--- WORK ORDER ---
Write out all of the records below precisely as given, omitting the images.

########################################

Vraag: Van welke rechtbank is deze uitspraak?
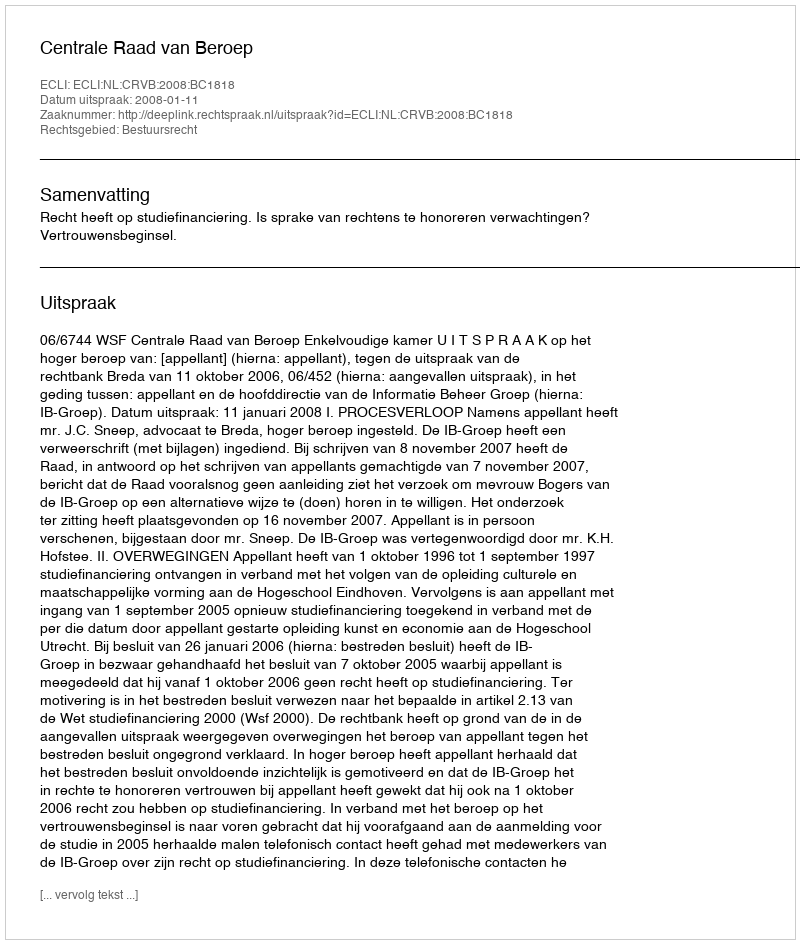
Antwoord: Centrale Raad van Beroep
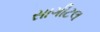
સાગીટલ
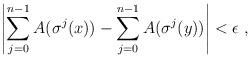
LaTeX: \begin{align*}\left| \sum_{j=0}^{n-1} A(\sigma^j(x)) - \sum_{j=0}^{n-1} A(\sigma^j(y)) \right| < \epsilon \ ,\end{align*}
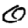
Digit: 0
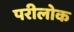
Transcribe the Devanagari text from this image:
परीलोक
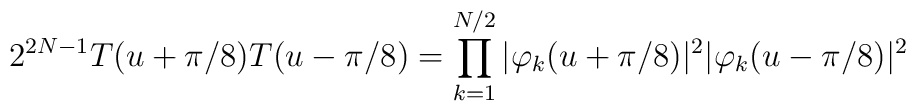
2^{2N-1} T(u+\pi/8)T(u-\pi/8)=\prod_{k=1}^{N/2}|\varphi_k(u+\pi/8)|^2|\varphi_k(u-\pi/8)|^2
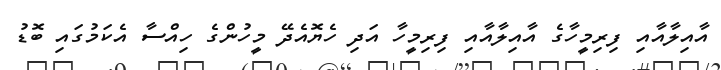
އާއިލާއާއި ފިރިމީހާގެ އާއިލާއާއި ފިރިމީހާ އަދި ހެޔޮއެދޭ މީހުންގެ ހިއްސާ އެކަމުގައި ބޮޑު
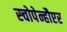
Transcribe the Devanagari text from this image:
स्चोपेन्हौएर
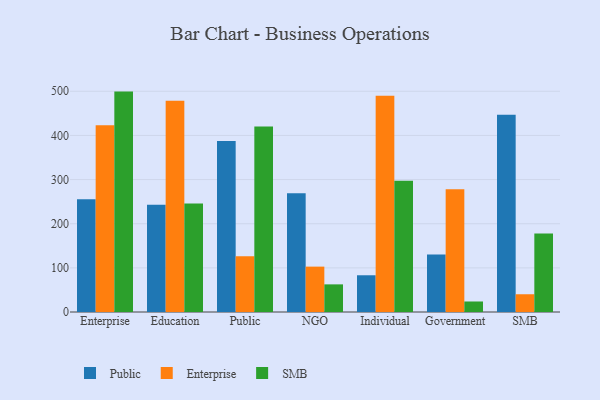
{"axis": {"x": "Segment", "y": "Headcount"}, "legend": ["Enterprise", "Public", "SMB"], "data": [{"x": "Enterprise", "y": 255.4, "type": "Public"}, {"x": "Enterprise", "y": 423.0, "type": "Enterprise"}, {"x": "Enterprise", "y": 499.3, "type": "SMB"}, {"x": "Education", "y": 243.1, "type": "Public"}, {"x": "Education", "y": 478.6, "type": "Enterprise"}, {"x": "Education", "y": 245.7, "type": "SMB"}, {"x": "Public", "y": 387.3, "type": "Public"}, {"x": "Public", "y": 126.3, "type": "Enterprise"}, {"x": "Public", "y": 420.4, "type": "SMB"}, {"x": "NGO", "y": 268.9, "type": "Public"}, {"x": "NGO", "y": 102.8, "type": "Enterprise"}, {"x": "NGO", "y": 62.6, "type": "SMB"}, {"x": "Individual", "y": 83.2, "type": "Public"}, {"x": "Individual", "y": 490.1, "type": "Enterprise"}, {"x": "Individual", "y": 297.1, "type": "SMB"}, {"x": "Government", "y": 130.1, "type": "Public"}, {"x": "Government", "y": 278.1, "type": "Enterprise"}, {"x": "Government", "y": 23.8, "type": "SMB"}, {"x": "SMB", "y": 447.1, "type": "Public"}, {"x": "SMB", "y": 40.2, "type": "Enterprise"}, {"x": "SMB", "y": 177.9, "type": "SMB"}]}
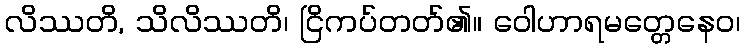
လိဿတိ, သိလိဿတိ၊ ငြိကပ်တတ်၏။ ဝေါဟာရမတ္တေနေဝ၊
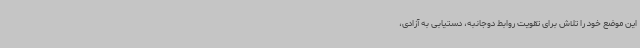
این موضع خود را تلاش برای تقویت روابط دوجانبه، دستیابی به آزادی،
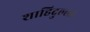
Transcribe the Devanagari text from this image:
शाहिदुल्ला
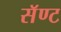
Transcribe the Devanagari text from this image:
सॅण्ट
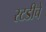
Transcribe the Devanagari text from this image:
स्टडीचे
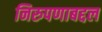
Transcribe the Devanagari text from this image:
निरुपणाबद्दल
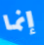
إنما
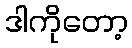
ဒါကိုတော့
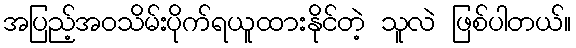
အပြည့်အဝသိမ်းပိုက်ရယူထားနိုင်တဲ့ သူလဲ ဖြစ်ပါတယ်။
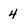
Character: 4
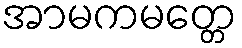
အာမကမတ္တေ
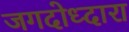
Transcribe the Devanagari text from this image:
जगदोध्दारा
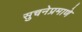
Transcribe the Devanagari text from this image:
सुचनेप्रमाणे

########################################

--- THE COMPLETED TASK ---
Vraag: Van welke rechtbank is deze uitspraak?
Antwoord: Centrale Raad van Beroep
સાગીટલ
LaTeX: \begin{align*}\left| \sum_{j=0}^{n-1} A(\sigma^j(x)) - \sum_{j=0}^{n-1} A(\sigma^j(y)) \right| < \epsilon \ ,\end{align*}
Digit: 0
Transcribe the Devanagari text from this image:
परीलोक
2^{2N-1} T(u+\pi/8)T(u-\pi/8)=\prod_{k=1}^{N/2}|\varphi_k(u+\pi/8)|^2|\varphi_k(u-\pi/8)|^2
އާއިލާއާއި ފިރިމީހާގެ އާއިލާއާއި ފިރިމީހާ އަދި ހެޔޮއެދޭ މީހުންގެ ހިއްސާ އެކަމުގައި ބޮޑު
Transcribe the Devanagari text from this image:
स्चोपेन्हौएर
{"axis": {"x": "Segment", "y": "Headcount"}, "legend": ["Enterprise", "Public", "SMB"], "data": [{"x": "Enterprise", "y": 255.4, "type": "Public"}, {"x": "Enterprise", "y": 423.0, "type": "Enterprise"}, {"x": "Enterprise", "y": 499.3, "type": "SMB"}, {"x": "Education", "y": 243.1, "type": "Public"}, {"x": "Education", "y": 478.6, "type": "Enterprise"}, {"x": "Education", "y": 245.7, "type": "SMB"}, {"x": "Public", "y": 387.3, "type": "Public"}, {"x": "Public", "y": 126.3, "type": "Enterprise"}, {"x": "Public", "y": 420.4, "type": "SMB"}, {"x": "NGO", "y": 268.9, "type": "Public"}, {"x": "NGO", "y": 102.8, "type": "Enterprise"}, {"x": "NGO", "y": 62.6, "type": "SMB"}, {"x": "Individual", "y": 83.2, "type": "Public"}, {"x": "Individual", "y": 490.1, "type": "Enterprise"}, {"x": "Individual", "y": 297.1, "type": "SMB"}, {"x": "Government", "y": 130.1, "type": "Public"}, {"x": "Government", "y": 278.1, "type": "Enterprise"}, {"x": "Government", "y": 23.8, "type": "SMB"}, {"x": "SMB", "y": 447.1, "type": "Public"}, {"x": "SMB", "y": 40.2, "type": "Enterprise"}, {"x": "SMB", "y": 177.9, "type": "SMB"}]}
လိဿတိ, သိလိဿတိ၊ ငြိကပ်တတ်၏။ ဝေါဟာရမတ္တေနေဝ၊
این موضع خود را تلاش برای تقویت روابط دوجانبه، دستیابی به آزادی،
Transcribe the Devanagari text from this image:
शाहिदुल्ला
Transcribe the Devanagari text from this image:
सॅण्ट
Transcribe the Devanagari text from this image:
स्टडीचे
Transcribe the Devanagari text from this image:
निरुपणाबद्दल
إنما
ဒါကိုတော့
အပြည့်အဝသိမ်းပိုက်ရယူထားနိုင်တဲ့ သူလဲ ဖြစ်ပါတယ်။
Character: 4
အာမကမတ္တေ
Transcribe the Devanagari text from this image:
जगदोध्दारा
Transcribe the Devanagari text from this image:
सुचनेप्रमाणे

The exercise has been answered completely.